The lines running from the one that contains "This arrives 5.2 seconds after image 1." to the end of the records below are what to reproduce, exactly and without pictures.

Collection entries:
——

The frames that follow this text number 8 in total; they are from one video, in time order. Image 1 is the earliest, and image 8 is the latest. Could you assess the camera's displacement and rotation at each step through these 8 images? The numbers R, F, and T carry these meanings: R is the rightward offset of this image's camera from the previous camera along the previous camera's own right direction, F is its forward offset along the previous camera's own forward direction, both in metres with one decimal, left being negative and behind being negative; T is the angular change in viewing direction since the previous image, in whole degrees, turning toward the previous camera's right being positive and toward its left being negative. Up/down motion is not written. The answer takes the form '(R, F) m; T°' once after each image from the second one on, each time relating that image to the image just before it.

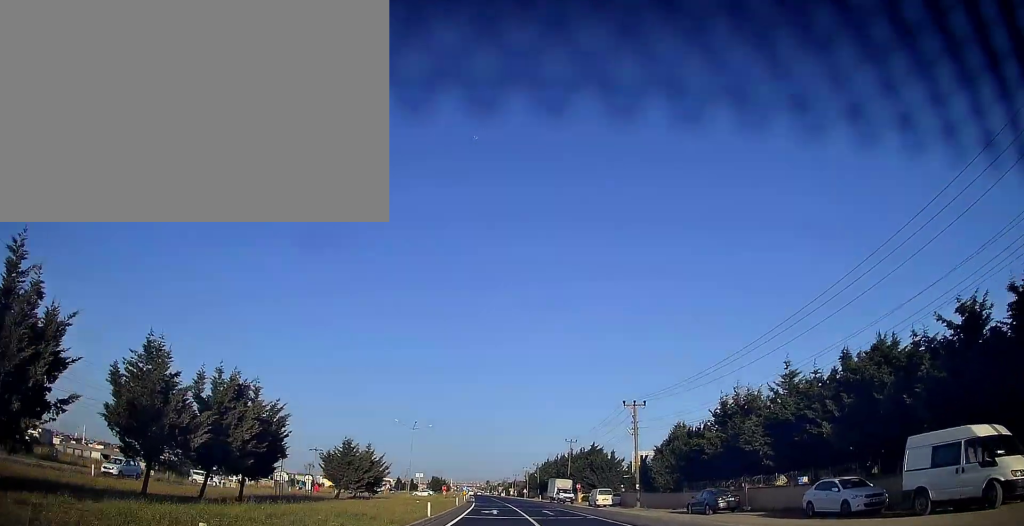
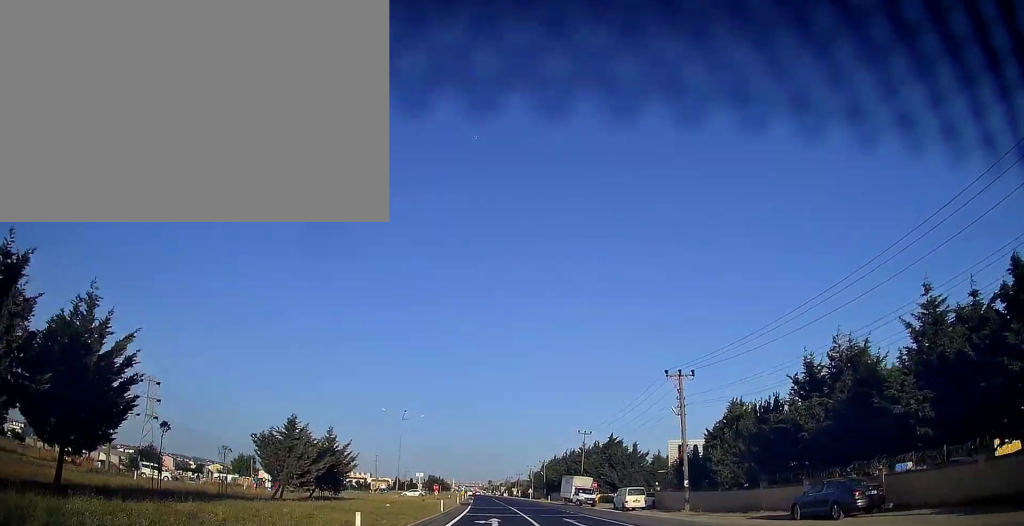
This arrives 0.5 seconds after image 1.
(+0.1, +13.4) m; 0°
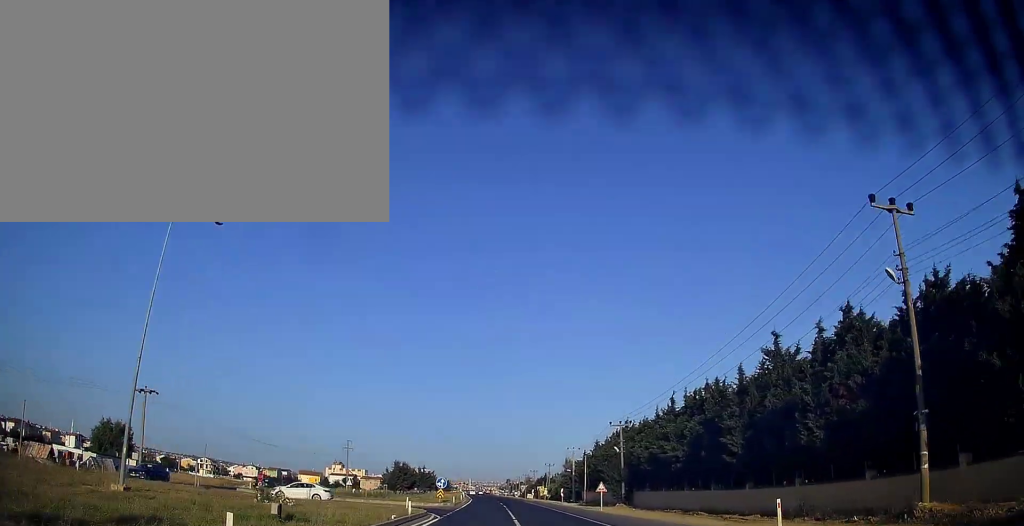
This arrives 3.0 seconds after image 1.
(-0.6, +67.3) m; -1°
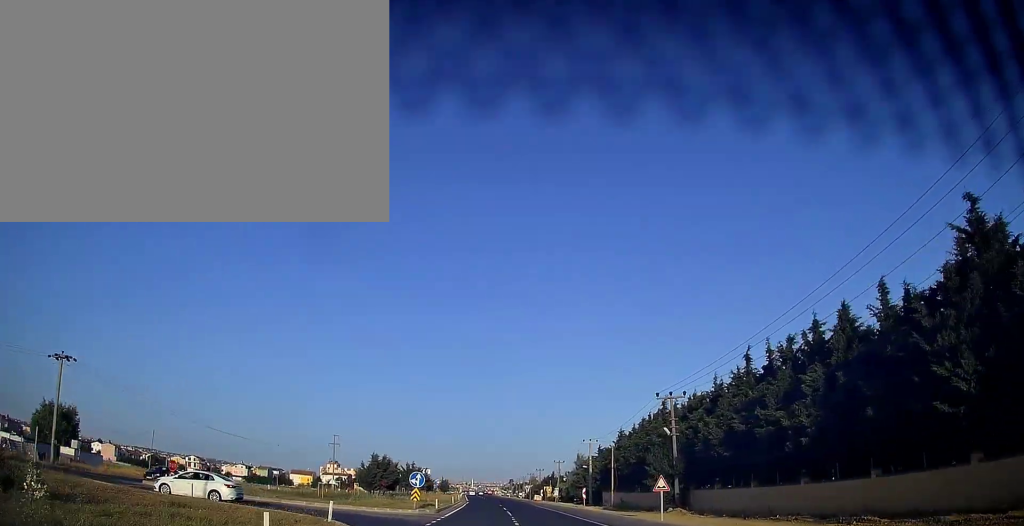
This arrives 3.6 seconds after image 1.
(-0.1, +16.7) m; -1°
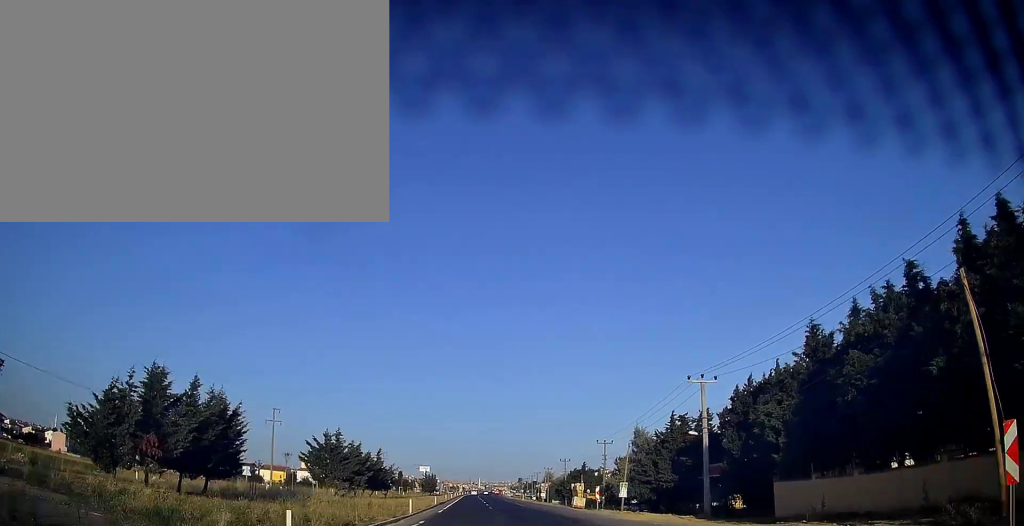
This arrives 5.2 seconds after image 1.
(-0.8, +46.9) m; -1°
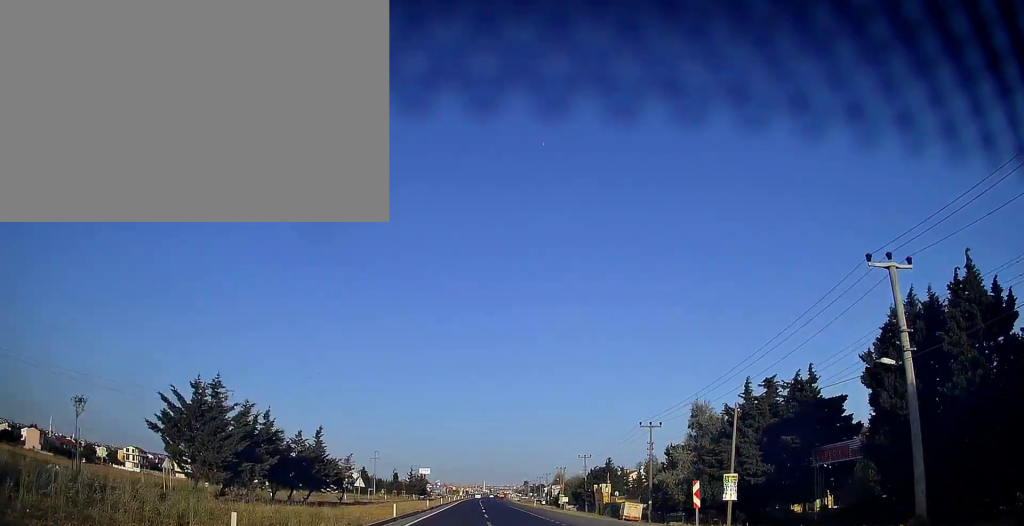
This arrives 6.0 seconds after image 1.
(+0.2, +21.8) m; 0°
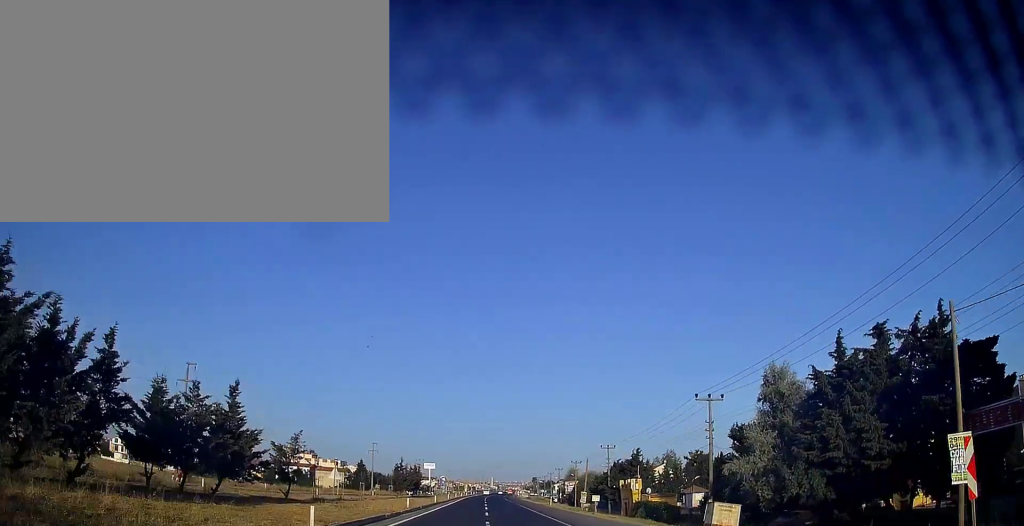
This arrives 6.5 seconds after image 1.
(+0.1, +14.3) m; 0°
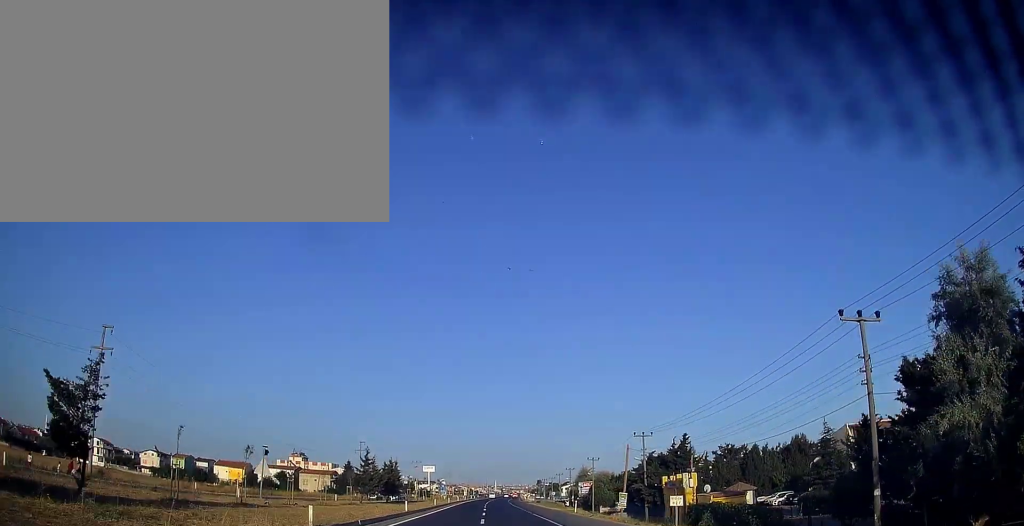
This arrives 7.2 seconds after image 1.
(-0.3, +19.1) m; -1°

——

**Result of this exercise**
This arrives 5.2 seconds after image 1.
(-0.8, +46.9) m; -1°
This arrives 6.0 seconds after image 1.
(+0.2, +21.8) m; 0°
This arrives 6.5 seconds after image 1.
(+0.1, +14.3) m; 0°
This arrives 7.2 seconds after image 1.
(-0.3, +19.1) m; -1°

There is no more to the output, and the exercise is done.